━━━ Source material ━━━

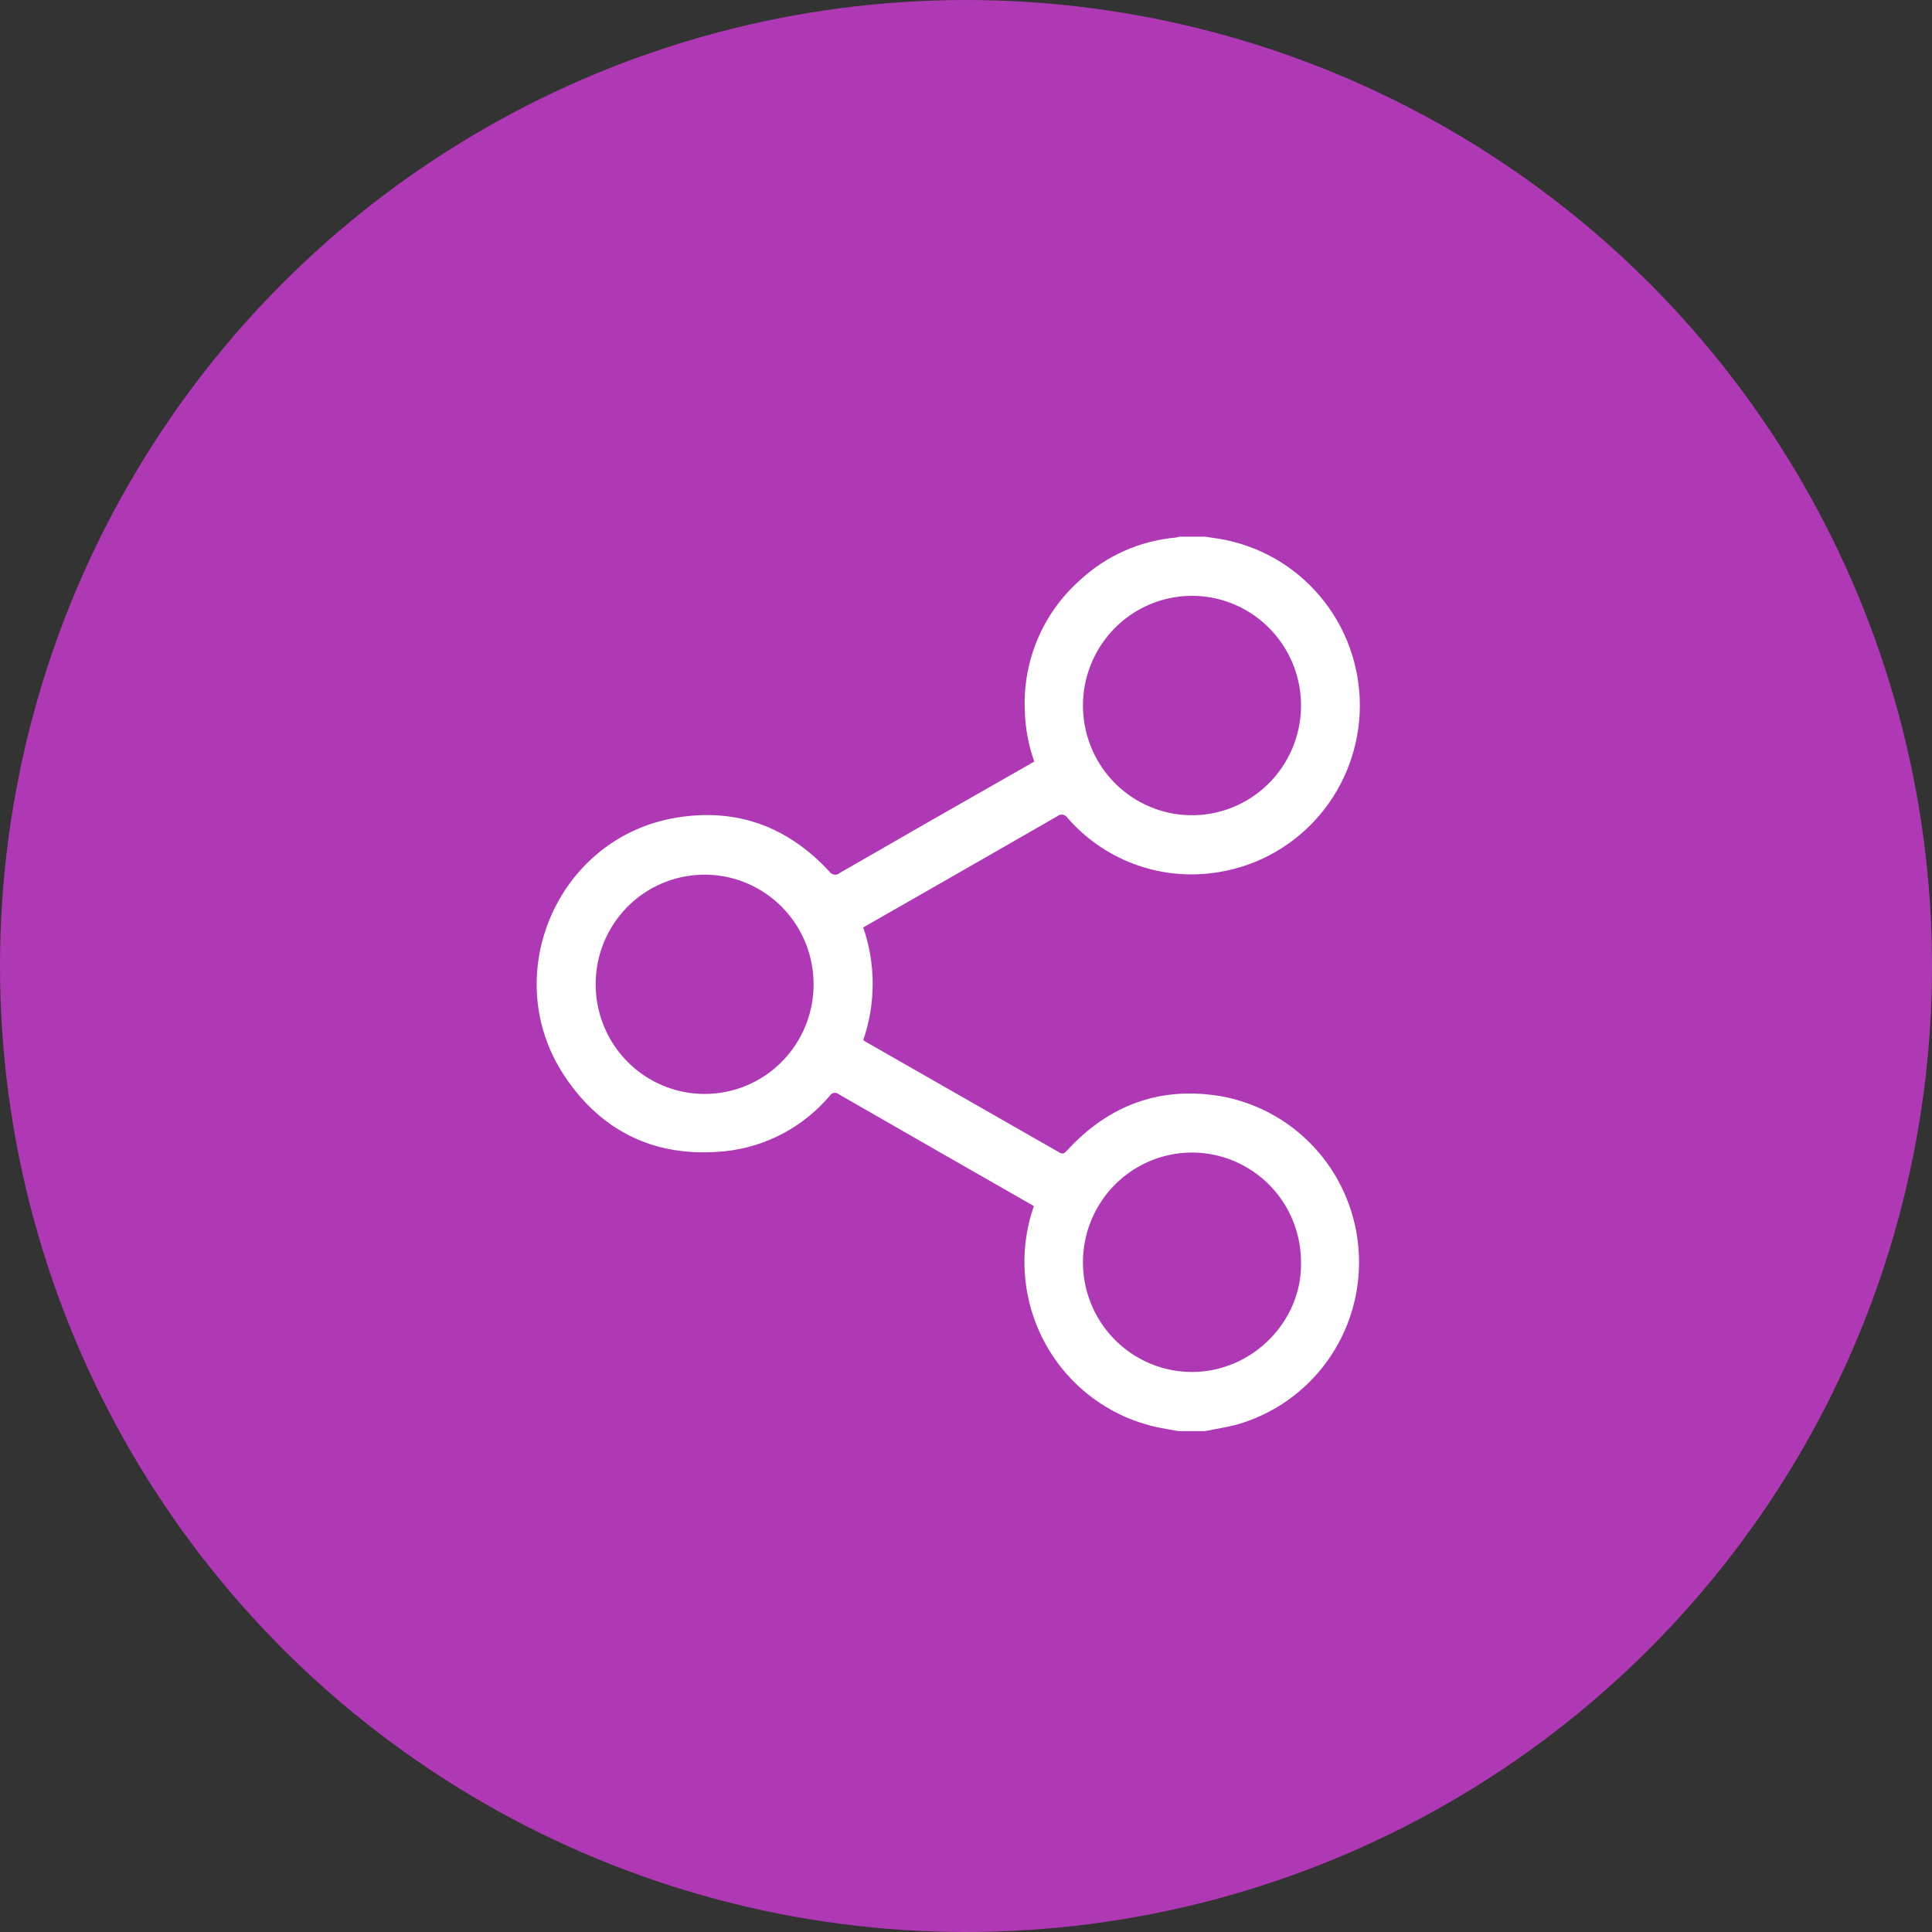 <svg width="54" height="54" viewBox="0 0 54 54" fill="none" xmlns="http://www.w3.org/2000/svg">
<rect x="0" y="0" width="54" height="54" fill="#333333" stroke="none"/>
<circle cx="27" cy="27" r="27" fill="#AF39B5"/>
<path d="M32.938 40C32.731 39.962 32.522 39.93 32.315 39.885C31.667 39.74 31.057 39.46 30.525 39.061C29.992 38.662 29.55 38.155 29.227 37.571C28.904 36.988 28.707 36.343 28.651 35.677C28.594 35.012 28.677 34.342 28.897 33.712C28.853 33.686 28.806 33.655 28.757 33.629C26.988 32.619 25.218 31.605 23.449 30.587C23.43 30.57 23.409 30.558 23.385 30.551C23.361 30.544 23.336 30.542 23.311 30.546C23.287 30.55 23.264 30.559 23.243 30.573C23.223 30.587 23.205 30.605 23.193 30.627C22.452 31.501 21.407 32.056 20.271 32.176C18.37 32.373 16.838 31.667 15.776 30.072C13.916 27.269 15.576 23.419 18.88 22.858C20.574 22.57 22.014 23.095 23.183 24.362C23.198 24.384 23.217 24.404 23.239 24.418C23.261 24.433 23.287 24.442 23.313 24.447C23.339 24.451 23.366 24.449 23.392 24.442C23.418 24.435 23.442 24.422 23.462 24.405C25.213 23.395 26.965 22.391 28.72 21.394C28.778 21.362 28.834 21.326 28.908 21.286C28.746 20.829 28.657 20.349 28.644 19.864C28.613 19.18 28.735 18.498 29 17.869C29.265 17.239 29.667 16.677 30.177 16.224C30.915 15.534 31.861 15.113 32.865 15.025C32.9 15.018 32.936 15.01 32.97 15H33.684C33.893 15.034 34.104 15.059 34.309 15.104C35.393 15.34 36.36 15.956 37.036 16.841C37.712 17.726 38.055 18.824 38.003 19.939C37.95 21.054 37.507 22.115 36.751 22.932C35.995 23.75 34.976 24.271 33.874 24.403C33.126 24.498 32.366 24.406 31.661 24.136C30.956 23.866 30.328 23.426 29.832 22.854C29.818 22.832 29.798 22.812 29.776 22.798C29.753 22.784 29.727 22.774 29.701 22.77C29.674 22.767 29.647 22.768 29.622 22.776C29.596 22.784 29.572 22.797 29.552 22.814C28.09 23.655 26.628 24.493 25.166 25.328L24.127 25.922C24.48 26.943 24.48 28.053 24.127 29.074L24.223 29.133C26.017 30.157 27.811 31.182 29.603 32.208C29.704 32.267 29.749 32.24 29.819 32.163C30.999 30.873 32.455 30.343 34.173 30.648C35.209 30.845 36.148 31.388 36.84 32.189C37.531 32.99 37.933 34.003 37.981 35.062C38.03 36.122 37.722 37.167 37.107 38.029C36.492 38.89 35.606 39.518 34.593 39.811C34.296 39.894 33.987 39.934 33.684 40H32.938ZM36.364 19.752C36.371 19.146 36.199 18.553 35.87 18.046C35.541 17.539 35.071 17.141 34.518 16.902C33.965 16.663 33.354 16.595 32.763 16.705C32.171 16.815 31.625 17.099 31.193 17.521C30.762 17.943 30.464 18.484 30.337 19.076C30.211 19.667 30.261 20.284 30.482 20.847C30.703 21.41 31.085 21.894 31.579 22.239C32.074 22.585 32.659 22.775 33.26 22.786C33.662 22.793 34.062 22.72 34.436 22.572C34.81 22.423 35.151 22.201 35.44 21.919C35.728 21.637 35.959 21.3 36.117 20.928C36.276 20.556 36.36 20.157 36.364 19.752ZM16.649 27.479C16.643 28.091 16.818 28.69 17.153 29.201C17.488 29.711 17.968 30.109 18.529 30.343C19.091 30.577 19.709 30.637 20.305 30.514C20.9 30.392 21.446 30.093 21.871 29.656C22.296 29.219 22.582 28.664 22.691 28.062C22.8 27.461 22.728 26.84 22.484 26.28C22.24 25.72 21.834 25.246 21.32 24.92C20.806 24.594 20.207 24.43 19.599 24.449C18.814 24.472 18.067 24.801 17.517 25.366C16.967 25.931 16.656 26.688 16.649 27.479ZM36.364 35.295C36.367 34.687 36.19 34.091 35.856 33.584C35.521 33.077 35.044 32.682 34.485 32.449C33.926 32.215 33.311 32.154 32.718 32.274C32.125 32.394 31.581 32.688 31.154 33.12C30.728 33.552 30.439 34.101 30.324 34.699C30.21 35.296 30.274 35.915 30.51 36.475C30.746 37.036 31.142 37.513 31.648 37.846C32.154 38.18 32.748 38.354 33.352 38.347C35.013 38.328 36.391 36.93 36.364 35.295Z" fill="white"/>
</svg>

━━━

● Problem requirements:
Give the data again exactly as written, with all pictures left out.

● Exercise response:
 <svg width="54" height="54" viewBox="0 0 54 54" fill="none" xmlns="http://www.w3.org/2000/svg">
<rect x="0" y="0" width="54" height="54" fill="#333333" stroke="none"/>
<circle cx="27" cy="27" r="27" fill="#AF39B5"/>
<path d="M32.938 40C32.731 39.962 32.522 39.93 32.315 39.885C31.667 39.74 31.057 39.46 30.525 39.061C29.992 38.662 29.55 38.155 29.227 37.571C28.904 36.988 28.707 36.343 28.651 35.677C28.594 35.012 28.677 34.342 28.897 33.712C28.853 33.686 28.806 33.655 28.757 33.629C26.988 32.619 25.218 31.605 23.449 30.587C23.43 30.57 23.409 30.558 23.385 30.551C23.361 30.544 23.336 30.542 23.311 30.546C23.287 30.55 23.264 30.559 23.243 30.573C23.223 30.587 23.205 30.605 23.193 30.627C22.452 31.501 21.407 32.056 20.271 32.176C18.37 32.373 16.838 31.667 15.776 30.072C13.916 27.269 15.576 23.419 18.88 22.858C20.574 22.57 22.014 23.095 23.183 24.362C23.198 24.384 23.217 24.404 23.239 24.418C23.261 24.433 23.287 24.442 23.313 24.447C23.339 24.451 23.366 24.449 23.392 24.442C23.418 24.435 23.442 24.422 23.462 24.405C25.213 23.395 26.965 22.391 28.72 21.394C28.778 21.362 28.834 21.326 28.908 21.286C28.746 20.829 28.657 20.349 28.644 19.864C28.613 19.18 28.735 18.498 29 17.869C29.265 17.239 29.667 16.677 30.177 16.224C30.915 15.534 31.861 15.113 32.865 15.025C32.9 15.018 32.936 15.01 32.97 15H33.684C33.893 15.034 34.104 15.059 34.309 15.104C35.393 15.34 36.36 15.956 37.036 16.841C37.712 17.726 38.055 18.824 38.003 19.939C37.95 21.054 37.507 22.115 36.751 22.932C35.995 23.75 34.976 24.271 33.874 24.403C33.126 24.498 32.366 24.406 31.661 24.136C30.956 23.866 30.328 23.426 29.832 22.854C29.818 22.832 29.798 22.812 29.776 22.798C29.753 22.784 29.727 22.774 29.701 22.77C29.674 22.767 29.647 22.768 29.622 22.776C29.596 22.784 29.572 22.797 29.552 22.814C28.09 23.655 26.628 24.493 25.166 25.328L24.127 25.922C24.48 26.943 24.48 28.053 24.127 29.074L24.223 29.133C26.017 30.157 27.811 31.182 29.603 32.208C29.704 32.267 29.749 32.24 29.819 32.163C30.999 30.873 32.455 30.343 34.173 30.648C35.209 30.845 36.148 31.388 36.84 32.189C37.531 32.99 37.933 34.003 37.981 35.062C38.03 36.122 37.722 37.167 37.107 38.029C36.492 38.89 35.606 39.518 34.593 39.811C34.296 39.894 33.987 39.934 33.684 40H32.938ZM36.364 19.752C36.371 19.146 36.199 18.553 35.87 18.046C35.541 17.539 35.071 17.141 34.518 16.902C33.965 16.663 33.354 16.595 32.763 16.705C32.171 16.815 31.625 17.099 31.193 17.521C30.762 17.943 30.464 18.484 30.337 19.076C30.211 19.667 30.261 20.284 30.482 20.847C30.703 21.41 31.085 21.894 31.579 22.239C32.074 22.585 32.659 22.775 33.26 22.786C33.662 22.793 34.062 22.72 34.436 22.572C34.81 22.423 35.151 22.201 35.44 21.919C35.728 21.637 35.959 21.3 36.117 20.928C36.276 20.556 36.36 20.157 36.364 19.752ZM16.649 27.479C16.643 28.091 16.818 28.69 17.153 29.201C17.488 29.711 17.968 30.109 18.529 30.343C19.091 30.577 19.709 30.637 20.305 30.514C20.9 30.392 21.446 30.093 21.871 29.656C22.296 29.219 22.582 28.664 22.691 28.062C22.8 27.461 22.728 26.84 22.484 26.28C22.24 25.72 21.834 25.246 21.32 24.92C20.806 24.594 20.207 24.43 19.599 24.449C18.814 24.472 18.067 24.801 17.517 25.366C16.967 25.931 16.656 26.688 16.649 27.479ZM36.364 35.295C36.367 34.687 36.19 34.091 35.856 33.584C35.521 33.077 35.044 32.682 34.485 32.449C33.926 32.215 33.311 32.154 32.718 32.274C32.125 32.394 31.581 32.688 31.154 33.12C30.728 33.552 30.439 34.101 30.324 34.699C30.21 35.296 30.274 35.915 30.51 36.475C30.746 37.036 31.142 37.513 31.648 37.846C32.154 38.18 32.748 38.354 33.352 38.347C35.013 38.328 36.391 36.93 36.364 35.295Z" fill="white"/>
</svg>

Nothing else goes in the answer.